Hint:- We had to only put the value of ${I_3}$ in the equation $\det \left( {A - \lambda {I_3}} \right) = 0$ as ${I_3}$ is the identity matrix of order 3. And after solving this equation we will get the required value of $\lambda$ .

Complete step-by-step answer:
Now as we know that the identity matrix has its all diagonal elements equal to 1 and all other elements are equal to 0.
So, the matrix ${I_3}$ will be an identity matrix of order 3.
So, ${I_3} = \left[ {\begin{array}{*{20}{c}} 1&0&0 \\\ 0&1&0 \\\ 0&0&1 \end{array}} \right]$
Now as we know that when we multiply any constant value to any matrix then that value is multiplied with each element of that matrix.
So, $\lambda {I_3} = \left[ {\begin{array}{*{20}{c}} \lambda &0&0 \\\ 0&\lambda &0 \\\ 0&0&\lambda \end{array}} \right]$ (1)
Now, as the order of the matrix A and $\lambda {I_3}$ is the same (i.e. 3). So, when we subtract these two matrices then each corresponding element will get subtracted.
So, $A - \lambda {I_3} = \left[ {\begin{array}{*{20}{c}} 3&0&3 \\\ 0&3&0 \\\ 3&0&3 \end{array}} \right] - \left[ {\begin{array}{*{20}{c}} \lambda &0&0 \\\ 0&\lambda &0 \\\ 0&0&\lambda \end{array}} \right] = \left[ {\begin{array}{*{20}{c}} {3 - \lambda }&0&3 \\\ 0&{3 - \lambda }&0 \\\ 3&0&{3 - \lambda } \end{array}} \right]$ (2)
So, now we have to find the determinant of the matrix $A - \lambda {I_3}$ and put that equal to zero.
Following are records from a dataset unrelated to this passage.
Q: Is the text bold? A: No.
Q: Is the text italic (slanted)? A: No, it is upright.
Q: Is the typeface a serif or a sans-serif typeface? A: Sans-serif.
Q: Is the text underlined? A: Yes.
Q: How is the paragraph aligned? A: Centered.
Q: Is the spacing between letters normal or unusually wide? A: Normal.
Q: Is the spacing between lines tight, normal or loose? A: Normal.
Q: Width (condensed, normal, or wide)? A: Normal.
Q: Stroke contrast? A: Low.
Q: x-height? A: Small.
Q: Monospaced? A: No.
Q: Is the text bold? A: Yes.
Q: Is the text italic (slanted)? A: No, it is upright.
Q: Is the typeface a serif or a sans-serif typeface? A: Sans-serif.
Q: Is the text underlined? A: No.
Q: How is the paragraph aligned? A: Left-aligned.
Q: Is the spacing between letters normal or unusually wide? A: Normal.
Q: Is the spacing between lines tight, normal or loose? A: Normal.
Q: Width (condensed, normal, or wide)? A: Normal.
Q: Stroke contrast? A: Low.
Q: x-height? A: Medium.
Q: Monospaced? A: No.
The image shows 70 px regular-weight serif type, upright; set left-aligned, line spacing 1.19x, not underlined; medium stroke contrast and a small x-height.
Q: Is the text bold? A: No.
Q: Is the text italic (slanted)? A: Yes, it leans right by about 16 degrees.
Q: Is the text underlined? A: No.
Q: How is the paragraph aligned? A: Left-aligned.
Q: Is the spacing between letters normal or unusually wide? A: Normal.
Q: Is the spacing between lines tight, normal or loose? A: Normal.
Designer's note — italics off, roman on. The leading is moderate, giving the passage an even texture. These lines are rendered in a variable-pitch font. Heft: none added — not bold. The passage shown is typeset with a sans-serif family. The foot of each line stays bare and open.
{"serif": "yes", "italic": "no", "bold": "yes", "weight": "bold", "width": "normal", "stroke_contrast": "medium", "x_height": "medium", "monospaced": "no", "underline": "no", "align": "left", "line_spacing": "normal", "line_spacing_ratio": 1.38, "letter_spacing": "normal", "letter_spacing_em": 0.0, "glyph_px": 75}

To find the value of $\lambda$ .
As we know that if $X = \left[ {\begin{array}{*{20}{c}} a&b;&c; \\\ d&e;&f; \\\ g&h;&i; \end{array}} \right]$ is a matrix then the determinant of the matrix X is calculated as,
$\Rightarrow \det \left( X \right) = a\left( {e \times i - f \times h} \right) - b\left( {d \times i - f \times g} \right) + c\left( {d \times h - e \times g} \right)$
So, now let us find the determinant of the matrix $A - \lambda {I_3}$ .
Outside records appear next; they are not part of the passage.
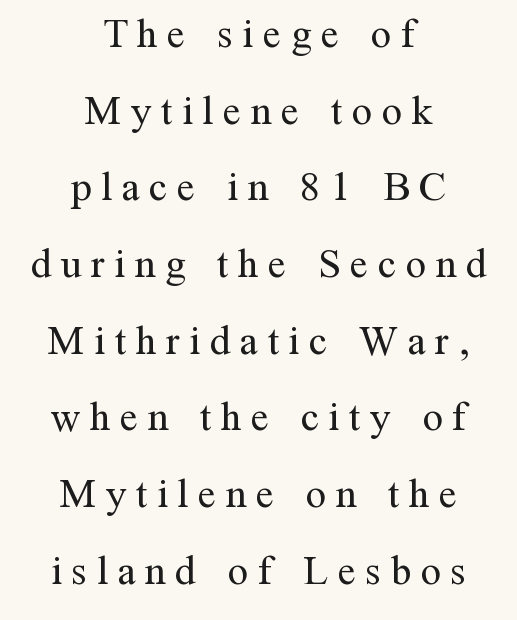
Q: Is the text bold? A: No.
Q: Is the text italic (slanted)? A: No, it is upright.
Q: Is the typeface a serif or a sans-serif typeface? A: Serif.
Q: Is the text underlined? A: No.
Q: How is the paragraph aligned? A: Centered.
Q: Is the spacing between letters normal or unusually wide? A: Unusually wide.
Q: Width (condensed, normal, or wide)? A: Normal.
Q: Stroke contrast? A: Medium.
Q: x-height? A: Medium.
Q: Monospaced? A: No.
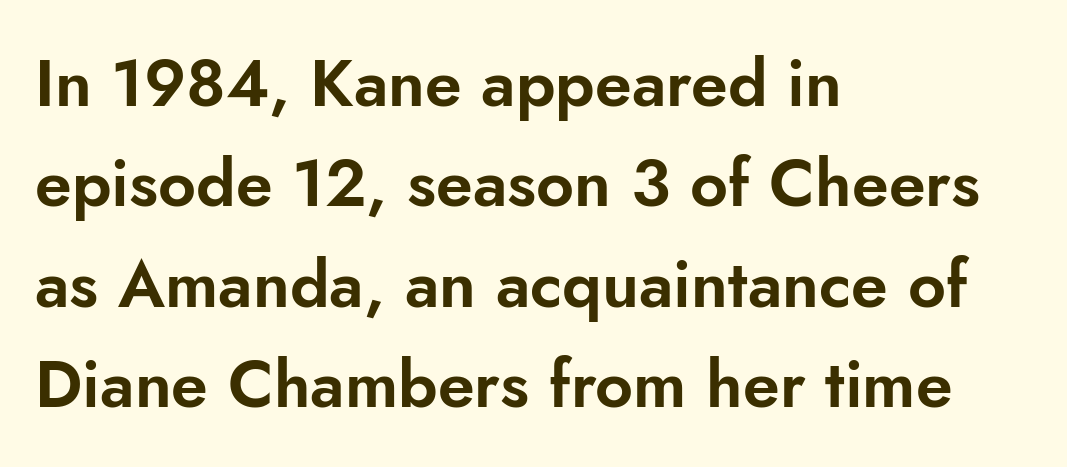
The image shows 66 px sans-serif type, upright; set left-aligned, normal line spacing (1.52x), normal letter spacing, not underlined; low stroke contrast and a small x-height.

$\Rightarrow \det \left( {A - \lambda {I_3}} \right) = \left( {3 - \lambda } \right)\left( {\left( {3 - \lambda } \right) \times \left( {3 - \lambda } \right) - 0} \right) - 0\left( {0 \times \left( {3 - \lambda } \right) - 0 \times 3} \right) + 3\left( {0 \times 0 - \left( {3 - \lambda } \right) \times 3} \right)$
$\Rightarrow \det \left( {A - \lambda {I_3}} \right) = {\left( {3 - \lambda } \right)^3} - 9\left( {3 - \lambda } \right) = \left( {3 - \lambda } \right)\left( {{3^2} + {\lambda ^2} - 6\lambda - 9} \right)$
$\Rightarrow \det \left( {A - \lambda {I_3}} \right) = \left( {3 - \lambda } \right)\left( {{\lambda ^2} - 6\lambda } \right) = \lambda \left( {3 - \lambda } \right)\left( {\lambda - 6} \right)$ -----(3)
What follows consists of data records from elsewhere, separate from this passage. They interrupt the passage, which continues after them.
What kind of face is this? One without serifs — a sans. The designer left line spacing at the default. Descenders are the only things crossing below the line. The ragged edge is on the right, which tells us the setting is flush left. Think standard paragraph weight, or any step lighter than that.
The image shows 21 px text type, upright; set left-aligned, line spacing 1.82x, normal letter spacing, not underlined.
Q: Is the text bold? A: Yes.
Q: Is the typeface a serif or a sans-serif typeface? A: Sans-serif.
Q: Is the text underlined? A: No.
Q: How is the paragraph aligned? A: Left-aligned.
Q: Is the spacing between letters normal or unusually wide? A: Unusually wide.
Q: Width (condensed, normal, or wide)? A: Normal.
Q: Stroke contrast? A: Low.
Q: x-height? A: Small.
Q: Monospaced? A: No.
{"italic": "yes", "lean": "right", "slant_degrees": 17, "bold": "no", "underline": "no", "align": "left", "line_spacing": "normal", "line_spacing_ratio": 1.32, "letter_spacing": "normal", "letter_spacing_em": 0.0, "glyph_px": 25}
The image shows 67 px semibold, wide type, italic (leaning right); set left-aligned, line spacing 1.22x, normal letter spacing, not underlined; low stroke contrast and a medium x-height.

So, now as it is given in the question that the $\det \left( {A - \lambda {I_3}} \right) = 0$ . So, equating equation 3 with zero.
$\Rightarrow \lambda \left( {3 - \lambda } \right)\left( {\lambda - 6} \right) = 0$
So, $\lambda = 0,3,6$
Hence, the correct option will be B.

Note:- Whenever we come up with this type of problem then we should remember that ${I_n}$ is an identity matrix of order $n \times n$ , with all its diagonal elements equal to 1 and all other elements equal to zero. And when we multiply any constant term $\lambda$ with any matrix then each element of the matrix is multiplied by $\lambda$ . So, first we had to find the value of $\lambda {I_3}$ and then subtract that with the matrix A to find the value of matrix A – $\lambda {I_3}$ . And then we had to find the determinant formula to find the value of det(A – $\lambda {I_3}$ ) and then equate that with zero to find the value of $\lambda$ . This will be the easiest and efficient way to find the solution of the problem.